*** Opening Stored data ***
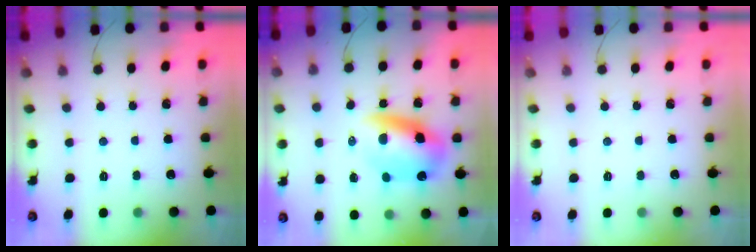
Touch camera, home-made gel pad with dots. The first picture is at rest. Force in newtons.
{"total": 11.0, "press": 10.7, "slide": 2.7}
{"total": 0.0}
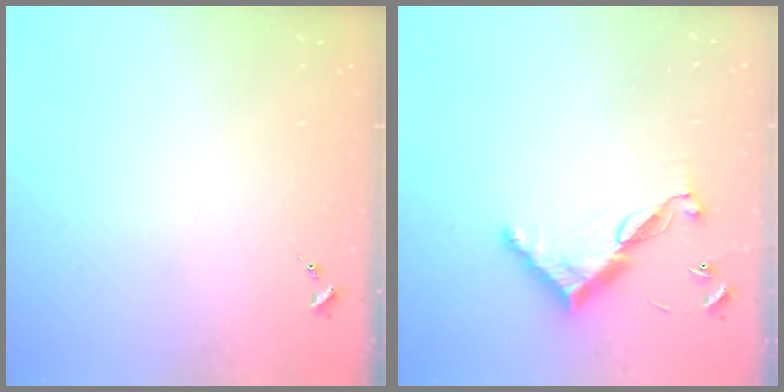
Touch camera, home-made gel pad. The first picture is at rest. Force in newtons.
{"total": 10.7, "press": 10.7, "slide": 0.4}
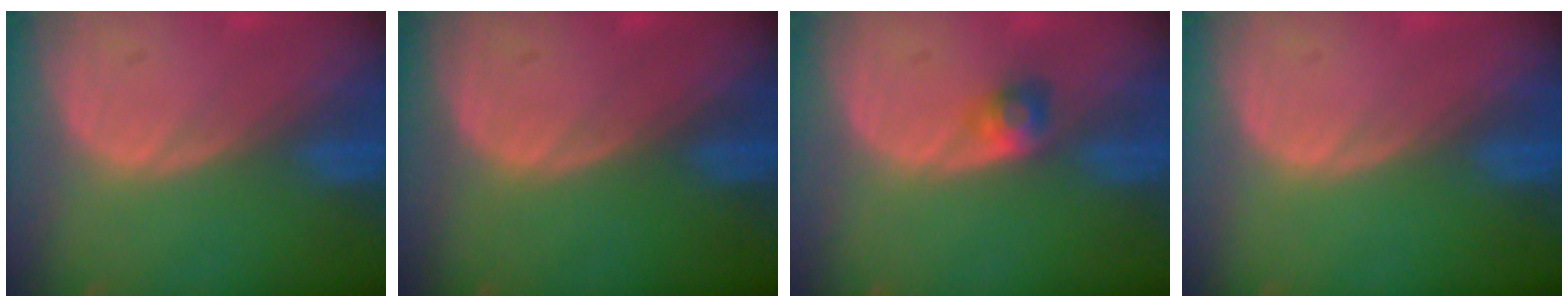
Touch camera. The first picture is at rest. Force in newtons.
{"total": 0.0}
{"total": 2.4, "press": 2.3, "slide": 0.7}
{"total": 0.0}
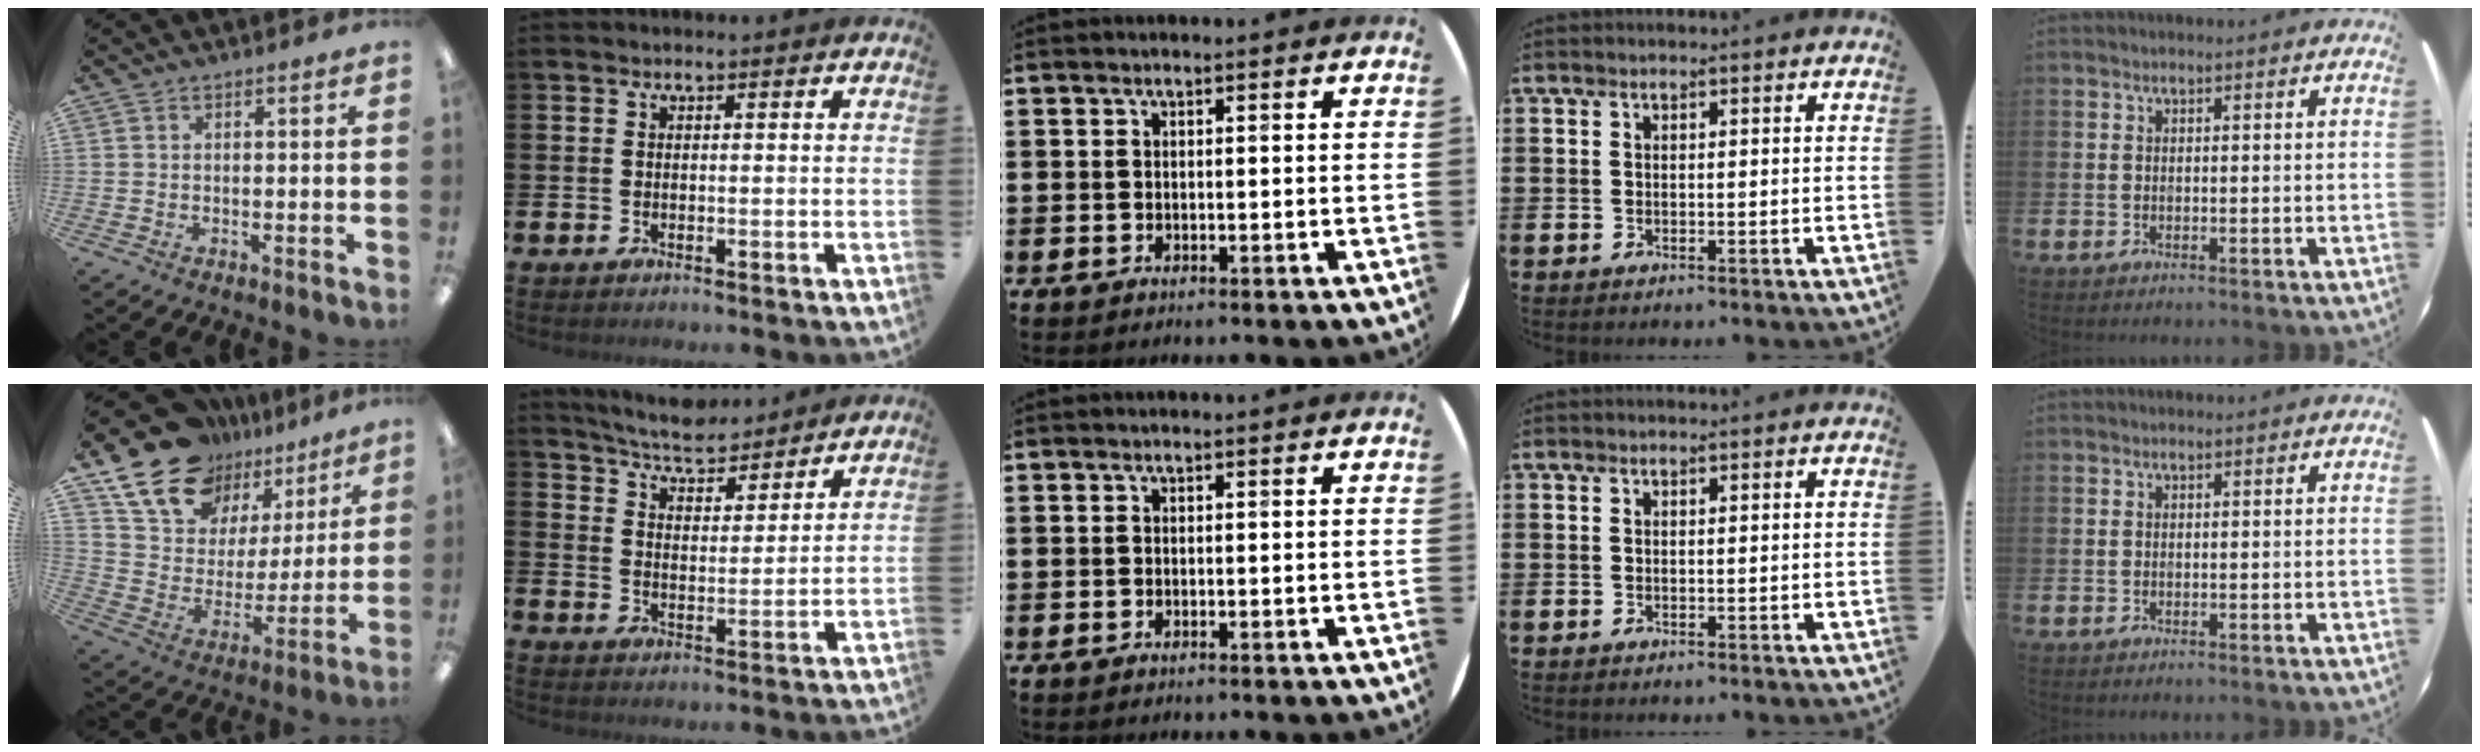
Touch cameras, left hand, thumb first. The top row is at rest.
{"thumb": {"total": 18.4, "force": [13.7, 10.6, 6.1], "torque": [-0.136, -0.086, 0.253]}, "index": {"total": 6.2, "force": [6.0, 1.0, 1.2], "torque": [-0.043, -0.036, 0.105]}}
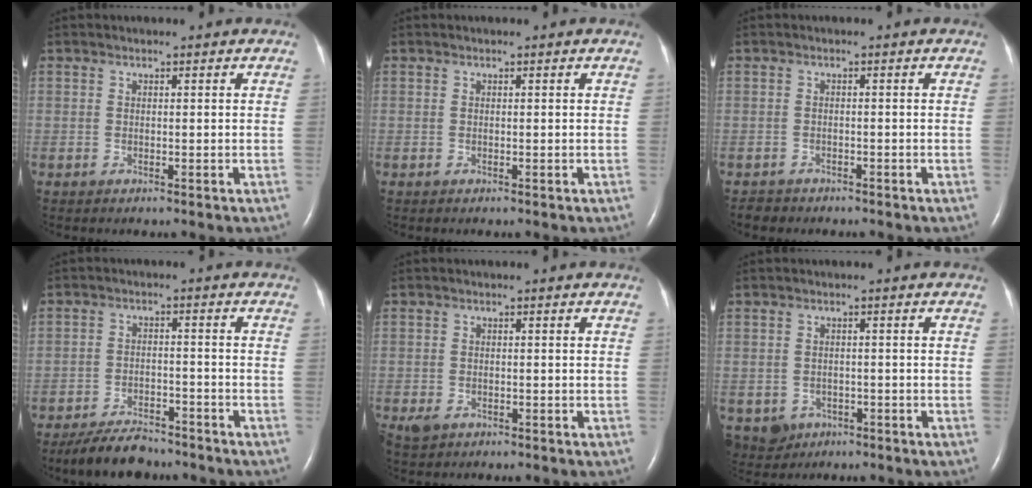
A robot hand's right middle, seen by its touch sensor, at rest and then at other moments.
*** Closing Stored data ***
• [Work required]: The data above must be given back verbatim, minus its images.

• [Exercise answer]:
Touch camera, home-made gel pad with dots. The first picture is at rest. Force in newtons.
{"total": 11.0, "press": 10.7, "slide": 2.7}
{"total": 0.0}
Touch camera, home-made gel pad. The first picture is at rest. Force in newtons.
{"total": 10.7, "press": 10.7, "slide": 0.4}
Touch camera. The first picture is at rest. Force in newtons.
{"total": 0.0}
{"total": 2.4, "press": 2.3, "slide": 0.7}
{"total": 0.0}
Touch cameras, left hand, thumb first. The top row is at rest.
{"thumb": {"total": 18.4, "force": [13.7, 10.6, 6.1], "torque": [-0.136, -0.086, 0.253]}, "index": {"total": 6.2, "force": [6.0, 1.0, 1.2], "torque": [-0.043, -0.036, 0.105]}}
A robot hand's right middle, seen by its touch sensor, at rest and then at other moments.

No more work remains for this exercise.